(Work order): Reproduce exactly the lines below, from the first one through the line containing "དང་། གསང་གནས་བྱིན་རླབས་སོགས་བྱས་ལ། བདེ་སྟོང་བསྒོམ།", and omit any pictures.

[Stored items from a collection]
══════════

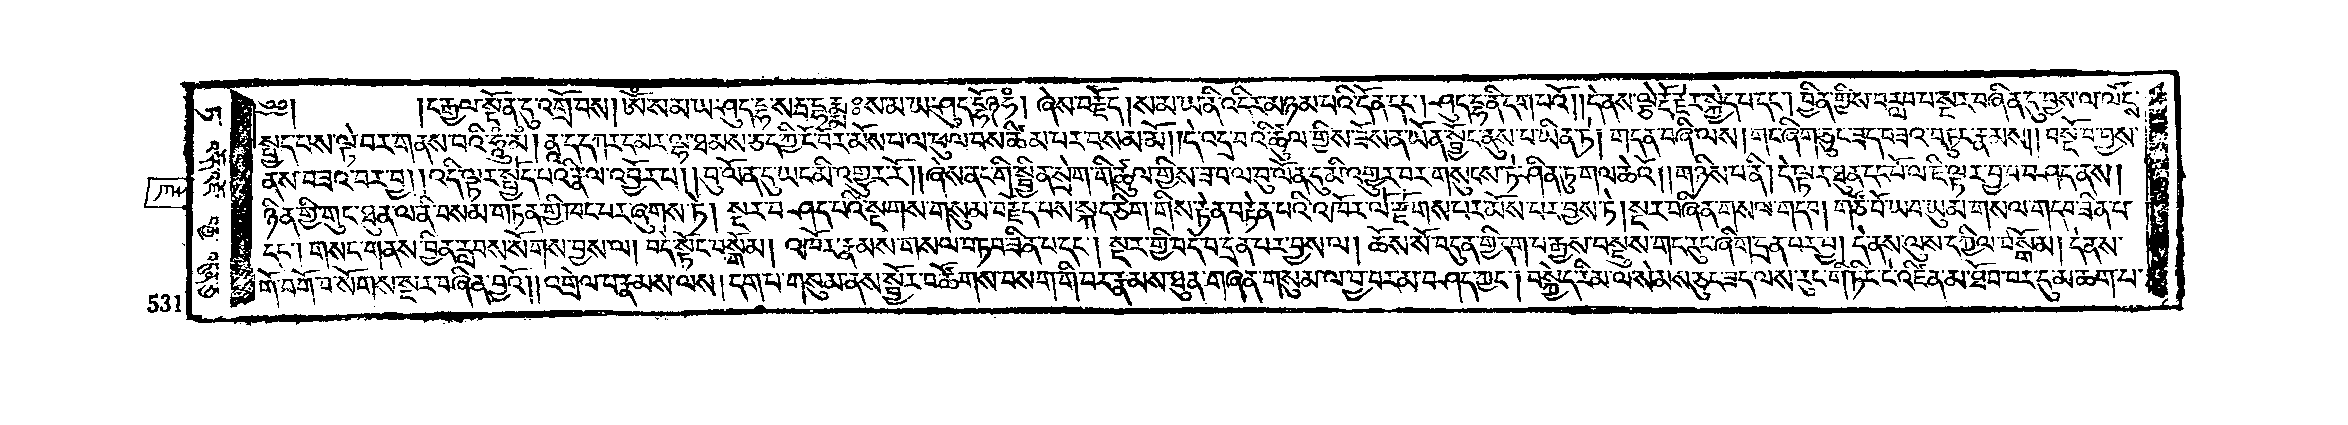༄༅། །ང་རྒྱལ་སྔོན་དུ་འགྲོ་བས། ཨོཾ་ས་མ་ཡ་ཤུད་དྷ་སརྦ་དྷརྨྨཿ ས་མ་ཡ་ཤུད་དྷོཉྷཾ། ཞེས་བརྗོད། ས་མ་ཡ་ནི་འདིར་མཉམ་པའི་དོན་དང་། ཤུད་དྷ་ནི་དག་པའོ། །དེ་ནས་ལྕེ་རྡོ་རྗེར་སྐྱེད་པ་དང་། བྱིན་གྱིས་བརླབ་པ་སྔར་བཞིན་དུ་བྱས་ལ་ལོངས་
སྤྱད་པས་ལྟེ་བར་གནས་བའི་ཧཱུཾ་མཾ། ནཱ་ད་དཀར་དམར་ལྷ་ཐམས་ཅད་ཀྱི་ངོ་བོར་མོས་པ་ལ་ཕུལ་བས་ཚིམ་པར་བསམ་མོ། །དེ་འདྲ་བའི་ཚུལ་གྱིས་ཟོས་ན་ཡོན་སྦྱོང་ནུས་པ་ཡིན་ཏེ། གདན་བཞི་ལས། གང་ཞིག་ཅུང་ཟད་བཟའ་བཏུང་རྣམས། །བསྔོ་བ་བྱས་
ནས་བཟའ་བར་བྱ། །འདི་ལྟར་སྤྱོད་པའི་རྣལ་འབྱོར་པ། །བུ་ལོན་དུ་ཡང་མི་འགྱུར་རོ། །ཞེས་ནང་གི་སྦྱིན་སྲེག་གི་ཚུལ་གྱིས་ཟ་བ་ལ་བུ་ལོན་དུ་མི་འགྱུར་བར་གསུངས་ཏེ་ཤིན་ཏུ་གལ་ཆེའོ། །གཉིས་པ་ནི། དེ་ལྟར་ཐུན་དང་པོ་ལ་ཇི་ལྟར་བྱ་བ་བཤད་ནས།
ཉིན་གྱི་གུང་ཐུན་ལ་ནི་བསམ་གཏན་གྱི་ཁང་པར་ཞུགས་ཏེ། སྔར་བཤད་པའི་སྔགས་གསུམ་བརྗོད་པས་སྐད་ཅིག་གིས་རྟེན་བརྟེན་པའི་འཁོར་ལོ་རྫོགས་པར་མོས་པར་བྱས་ཏེ། སྔར་བཞིན་གསལ་གདབ། གཙོ་བོ་ཡབ་ཡུམ་གསལ་གདབ་ཟིན་པ་
དང་། གསང་གནས་བྱིན་རླབས་སོགས་བྱས་ལ། བདེ་སྟོང་བསྒོམ། འཁོར་རྣམས་གསལ་བཏབ་ཟིན་པ་དང་། སྔར་གྱི་བདེ་བ་དྲན་པར་བྱས་ལ། ཆོས་སོ་བདུན་གྱི་དག་པ་རྒྱས་བསྡུས་གང་རུང་ཞིག་དྲན་པར་བྱ། དེ་ནས་ལུས་དཀྱིལ་བསྒོམ། དེ་ནས་
གོ་བགོ་བ་སོགས་སྔར་བཞིན་བྱའོ། །འགྲེལ་པ་རྣམས་ལས། དག་པ་གསུམ་ནས་སྦྱོར་བ་ཚོགས་བསག་གི་བར་རྣམས་ཐུན་གཞན་གསུམ་ལ་བྱ་བར་མ་བཤད་ཀྱང་། བསྐྱེད་རིམ་ལ་སེམས་ཅུང་ཟད་ལས་རུང་གི་ཏིང་ངེ་འཛིན་མ་ཐོབ་བར་དུ་མ་ཆག་པ་
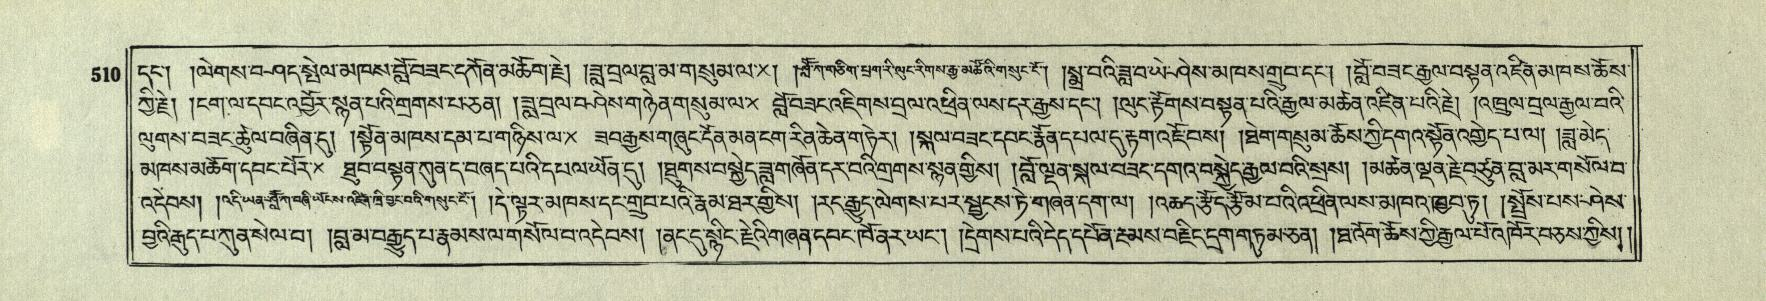དང་། །ལེགས་བཤད་སྤེལ་མཁས་བློ་བཟང་དཀོན་མཆོག་རྗེ། །ཟླ་བྲལ་བླ་མ་གསུམ་ལ་྾་། ། ཤླཽ་ཀ་གཅིག་པྲག་རི་ལུང་རིགས་རྒྱ་མཚོའི་གསུང་ངོ། །སྨྲ་བའི་ཟླ་བ་ཡེ་ཤེས་མཁས་གྲུབ་དང་། །བློ་བཟང་རྒྱལ་བསྟན་འཛིན་མཁས་ཆོས་
ཀྱི་རྗེ། །ངག་ལ་དབང་འབྱོར་སྙན་པའི་གྲགས་པ་ཅན། །ཟླ་བྲལ་བཤེས་གཉེན་གསུམ་ལ་྾་བློ་བཟང་འཇིགས་བྲལ་འཕྲིན་ལས་དར་རྒྱས་དང་། །ལུང་རྟོགས་བསྟན་པའི་རྒྱལ་མཚན་འཛིན་པའི་རྗེ། །འཁྲུལ་བྲལ་རྒྱལ་བའི་
ལུགས་བཟང་ཚུལ་བཞིན་དུ། །སྟོན་མཁས་དམ་པ་གཉིས་ལ་྾་ཟབ་རྒྱས་གཞུང་དོན་མན་ངག་རིན་ཆེན་གཏེར། །སྐལ་བཟང་དབང་རྣོན་དཔལ་དུ་རྟག་འཇོ་བས། །ཐེག་གསུམ་ཆོས་ཀྱི་དགའ་སྟོན་འགྱེད་པ་ལ། །ཟླ་མེད་
མཁས་མཆོག་དབང་པོར་྾་ཐུབ་བསྟན་ཀུན་ད་བཞད་པའི་དཔལ་ཡོན་དུ། །ཐུགས་བསྐྱེད་ཟླ་གཞོན་དར་བའི་གྲགས་སྙན་གྱིས། །བློ་ལྡན་སྐལ་བཟང་དགའ་བསྐྱེད་རྒྱལ་བའི་སྲས། །མཚན་ལྡན་རྗེ་བཙུན་བླ་མར་གསོལ་བ་
འདེབས། ། འདི་ཡན་ཤླཽ་ཀ་བཞི་ཡོངས་འཛིན་ཁྲི་བྱང་བའི་གསུང་ངོ། །དེ་ལྟར་མཁས་དང་གྲུབ་པའི་རྣམ་ཐར་གྱིས། །རང་རྒྱུད་ལེགས་པར་སྦྱངས་ཏེ་གཞན་དག་ལ། །འཆད་རྩོད་རྩོམ་པའི་འཕྲིན་ལས་མཁའ་ཁྱབ་ཏུ། །སྤྲོས་པས་ཤེས་
བྱའི་རྒུད་པ་ཀུན་སེལ་བ། །བླ་མ་བརྒྱུད་པ་རྣམས་ལ་གསོལ་བ་འདེབས། །ནང་དུ་སྙིང་རྗེའི་གཞན་དབང་ཁོ་ནར་ཡང་། །དྲེགས་པའི་དེད་དཔོན་རྔམས་བརྗིད་དྲག་གཏུམ་ཅན། །ཐ་འོག་ཆོས་ཀྱི་རྒྱལ་པོ་འཁོར་བཅས་ཀྱིས། །
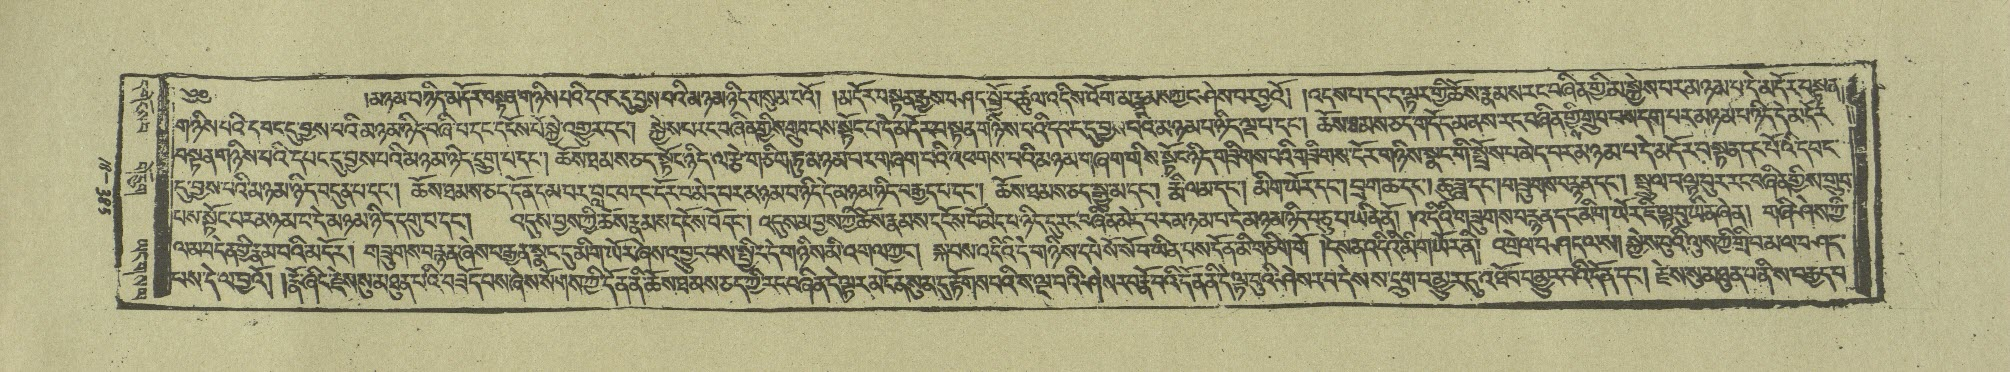༄༅། །མཉམ་པ་ཉིད་མདོར་བསྟན་གཉིས་པའི་དབང་དུ་བྱས་པའི་མཉམ་ཉིད་གསུམ་པའོ། །མདོར་བསྟན་རྒྱས་བཤད་སྦྱོར་ཚུལ་འདིས་འོག་མ་རྣམས་ཀྱང་ཤེས་བར་བྱའོ། །འདས་པ་དང་ད་ལྟར་གྱི་ཆོས་རྣམས་རང་བཞིན་གྱི་མ་སྐྱེས་པར་མཉམ་པ་དེ་མདོར་བསྟན་
གཉིས་པའི་དབང་དུ་བྱས་པའི་མཉམ་ཉིད་བཞི་པ་དང་དངོས་པོ་སྐྱེ་འགྱུར་དང་། སྐྱེས་པ་རང་བཞིན་གྱིས་གྲུབ་པས་སྟོང་པ་དེ་མདོར་བསྟན་གཉིས་པའི་དབང་དུ་བྱས་པའི་མཉམ་པ་ཉིད་ལྔ་པ་དང་། ཆོས་ཐམས་ཅད་གདོད་མ་ནས་རང་བཞིན་གྱིས་གྲུབ་པས་དག་པར་མཉམ་པ་ཉིད་དེ་མདོར་
བསྟན་གཉིས་པའི་དབང་དུ་བྱས་པའི་མཉམ་ཉིད་དྲུག་པ་དང་། ཆོས་ཐམས་ཅད་སྟོང་ཉིད་ལ་རྩེ་གཅིག་ཏུ་མཉམ་པར་གཞག་པའི་འཕགས་པའི་མཉམ་གཞག་གིས་སྟོང་ཉིད་གཟིགས་པའི་གཟིགས་ངོར་གཉིས་སྣང་གི་སྤྲོས་པ་མེད་པར་མཉམ་པད་མདོར་བསྟན་དང་པོའི་དབང་
དུ་བྱས་པའི་མཉམ་ཉིད་བདུན་པ་དང་། ཆོས་ཐམས་ཅད་དོན་དམ་པར་བླང་བ་དང་དོར་བ་མེད་པར་མཉམ་པ་ཉིད་དེ་མཉམ་ཉིད་བརྒྱད་པ་དང་། ཆོས་ཐམས་ཅད་སྒྱུ་མ་དང་། རྨི་ལམ་དང་། མིག་ཡོར་དང་། བྲག་ཆ་དང་། ཆུ་ཟླ་དང་། གཟུགས་བརྙན་དང་། སྤྲུལ་བ་ལྟ་བུར་རང་བཞིན་གྱིས་གྲུབ་
པས་སྟོང་པར་མཉམ་པ་དེ་མཉམ་ཉིད་དགུ་པ་དང་། འདུས་བྱས་ཀྱི་ཆོས་རྣམས་དངོས་པོ་དང་། འདུས་མ་བྱས་ཀྱི་ཆོས་རྣམས་དངོས་པོ་མེད་པ་ཉིད་དུ་རང་བཞིན་མེད་བར་མཉམ་པ་དེ་མཉམ་ཉིད་བཅུ་པ་ཡིན་ནོ། །འདིའི་གཟུགས་བརྙན་དང་མིག་ཡོར་ཇི་ལྟ་བུ་ཡིན་ཞེ་ན། གཞི་ཤེས་ཀྱི་
ལམ་བདེན་གྱི་རྣམ་པའི་མདོར། གཟུགས་བརྙན་ཞེས་པ་རྒྱན་སྣང་དུ་མིག་ཡོར་ཞེས་འབྱུང་བས་སྤྱིར་དེ་གཉིས་མི་འགལ་ཀྱང་། སྐབས་འདིའི་དེ་གཉིས་དཔེ་སོ་སོ་བ་ཡིན་བས་དོན་མི་གཅིག་གོ །དེས་ན་འདིའི་མིག་ཡོར་ནི། འགྲེལ་བཤད་ལས། སྐྱེས་བུའི་ལུས་ཀྱི་གྲིབ་མ་ལ་བཤད་
པས་དེ་ལ་བྱའོ། །རྣོ་ཞིང་རྗེས་སུ་མཐུན་པའི་བཟོད་པས་ཞེས་སོགས་ཀྱི་དོན་ནི་ཆོས་ཐམས་ཅད་ཀྱི་རང་བཞིན་དེ་ལྟར་མངོན་སུམ་དུ་རྟོགས་པའི་ས་ལྔ་བའི་ཤེས་རབ་རྣོ་བའི་དོན་ནི་དེ་ལྟ་བུའི་ཤེས་རབ་དེས་ས་དྲུག་པ་མྱུར་དུ་འཐོབ་པ་མྱུར་བའི་དོན་དང་། རྗེས་སུ་མཐུན་པ་ནི་ས་བརྒྱད་པ་
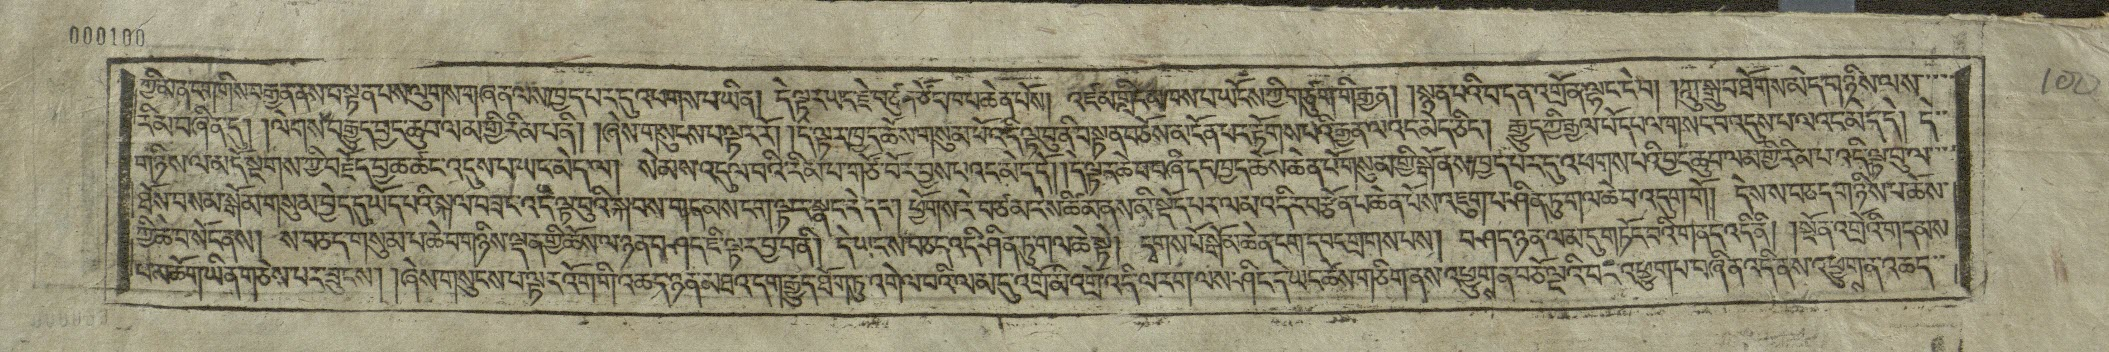ཀྱི་མན་ངག་གིས་བརྒྱན་ནས་བསྟན་པས་ལུགས་གཞན་ལས་ཁྱད་པར་དུ་འཕགས་པ་ཡིན། དེ་ལྟར་ཡང་རྗེ་བཙུན་ཙོང་ཁ་པ་ཆེན་པོས། འཛམ་གླིང་མཁས་པ་ཡོངས་ཀྱི་གཙུག་གི་རྒྱན། །སྙན་པའི་བ་དན་འགྲོ་ན་ལྷང་ངེ་བ། །ཀླུ་སྒྲུབ་ཐོགས་མེད་གཉིས་ལས་
རིམ་བཞིན་དུ། །ལེགས་བརྒྱུད་བྱང་ཆུབ་ལམ་གྱི་རིམ་པ་ནི། །ཞེས་གསུངས་པ་ལྟར་རོ། །དེ་ལྟར་ཁྱད་ཆོས་གསུམ་པོ་འདི་ལྟ་བུ་ནི་བསྟན་བཅོས་མངོན་པར་རྟོགས་པའི་རྒྱན་ལའང་མེད་ཅིང་། རྒྱུད་ཀྱི་རྒྱལ་པོ་དཔལ་གསང་བ་འདུས་པ་ལའང་མེད་དེ། དེ་
གཉིས་ལ་མདོ་སྔགས་ཀྱི་བརྗོད་བྱ་ཆ་ཚང་འདུས་པ་ཡང་མེད་ལ། སེམས་འདུལ་བའི་རིམ་པ་གཙོ་བོར་བྱས་པའང་མེད་དོ། །དེ་ལྟར་ཆེ་བ་བཞི་དང་ཁྱད་ཆོས་ཆེན་པོ་གསུམ་གྱི་སྒོ་ནས་ཁྱད་པར་དུ་འཕགས་པའི་བྱང་ཆུབ་ལམ་གྱི་རིམ་པ་འདི་ལྟ་བུ་ལ་
ཐོས་བསམ་སྒོམ་གསུམ་བྱེད་དུ་ཡོད་པའི་སྐལ་བཟང་འདི་ལྟ་བུའི་སྐབས་གདམས་ངག་ལྟར་སྣང་རེ་དང་། ཕྱོགས་རེ་བ་ཙམ་རེས་ཚིམ་ནས་མི་སྡོད་པར་ལམ་འདིར་བརྩོན་པ་ཆེན་པོས་འཇུག་པ་ཤིན་ཏུ་གལ་ཆེ་བ་འདུག་གོ། དེས་ས་བཅད་གཉིས་པ་ཆོས་
ཀྱི་ཆེ་བ་སོང་ནས། ས་བཅད་གསུམ་པ་ཆེ་བ་གཉིས་ལྡན་གྱི་ཆོས་ལ་ཉན་བཤད་ཇི་ལྟར་བྱ་བ་ནི། དེ་ཡང་ས་བཅད་འདི་ཤིན་ཏུ་གལ་ཆེ་སྟེ། དྭགས་པོ་སྒོམ་ཆེན་ངག་དབང་གྲགས་པས། བཤད་ཉན་ལམ་དུ་གཏོང་བའི་གནད་འདི་ནི། །སྔོན་འགྲོའི་གདམས་
པ་མཆོག་ཡིན་གཅེས་པར་ཟུངས། །ཞེས་གསུངས་པ་ལྟར་འོག་གི་འཆད་ཉན་མཐའ་དག་རྒྱུད་ཐོག་ཏུ་འགེལ་བའི་ལམ་དུ་འགྲོ་མི་འགྲོ་འདི་ལ་རག་ལས་ཤིང་དེ་ཡང་ཚེས་གཅིག་ནས་འཕྱུགས་ན་བཅོ་ལྔའི་བར་འཕྱུག་པ་བཞིན་འདི་ནས་འཕྱུགས་ན་འཆད་

══════════

(The completed task):
༄༅། །ང་རྒྱལ་སྔོན་དུ་འགྲོ་བས། ཨོཾ་ས་མ་ཡ་ཤུད་དྷ་སརྦ་དྷརྨྨཿ ས་མ་ཡ་ཤུད་དྷོཉྷཾ། ཞེས་བརྗོད། ས་མ་ཡ་ནི་འདིར་མཉམ་པའི་དོན་དང་། ཤུད་དྷ་ནི་དག་པའོ། །དེ་ནས་ལྕེ་རྡོ་རྗེར་སྐྱེད་པ་དང་། བྱིན་གྱིས་བརླབ་པ་སྔར་བཞིན་དུ་བྱས་ལ་ལོངས་
སྤྱད་པས་ལྟེ་བར་གནས་བའི་ཧཱུཾ་མཾ། ནཱ་ད་དཀར་དམར་ལྷ་ཐམས་ཅད་ཀྱི་ངོ་བོར་མོས་པ་ལ་ཕུལ་བས་ཚིམ་པར་བསམ་མོ། །དེ་འདྲ་བའི་ཚུལ་གྱིས་ཟོས་ན་ཡོན་སྦྱོང་ནུས་པ་ཡིན་ཏེ། གདན་བཞི་ལས། གང་ཞིག་ཅུང་ཟད་བཟའ་བཏུང་རྣམས། །བསྔོ་བ་བྱས་
ནས་བཟའ་བར་བྱ། །འདི་ལྟར་སྤྱོད་པའི་རྣལ་འབྱོར་པ། །བུ་ལོན་དུ་ཡང་མི་འགྱུར་རོ། །ཞེས་ནང་གི་སྦྱིན་སྲེག་གི་ཚུལ་གྱིས་ཟ་བ་ལ་བུ་ལོན་དུ་མི་འགྱུར་བར་གསུངས་ཏེ་ཤིན་ཏུ་གལ་ཆེའོ། །གཉིས་པ་ནི། དེ་ལྟར་ཐུན་དང་པོ་ལ་ཇི་ལྟར་བྱ་བ་བཤད་ནས།
ཉིན་གྱི་གུང་ཐུན་ལ་ནི་བསམ་གཏན་གྱི་ཁང་པར་ཞུགས་ཏེ། སྔར་བཤད་པའི་སྔགས་གསུམ་བརྗོད་པས་སྐད་ཅིག་གིས་རྟེན་བརྟེན་པའི་འཁོར་ལོ་རྫོགས་པར་མོས་པར་བྱས་ཏེ། སྔར་བཞིན་གསལ་གདབ། གཙོ་བོ་ཡབ་ཡུམ་གསལ་གདབ་ཟིན་པ་
དང་། གསང་གནས་བྱིན་རླབས་སོགས་བྱས་ལ། བདེ་སྟོང་བསྒོམ། འཁོར་རྣམས་གསལ་བཏབ་ཟིན་པ་དང་། སྔར་གྱི་བདེ་བ་དྲན་པར་བྱས་ལ། ཆོས་སོ་བདུན་གྱི་དག་པ་རྒྱས་བསྡུས་གང་རུང་ཞིག་དྲན་པར་བྱ། དེ་ནས་ལུས་དཀྱིལ་བསྒོམ། དེ་ནས་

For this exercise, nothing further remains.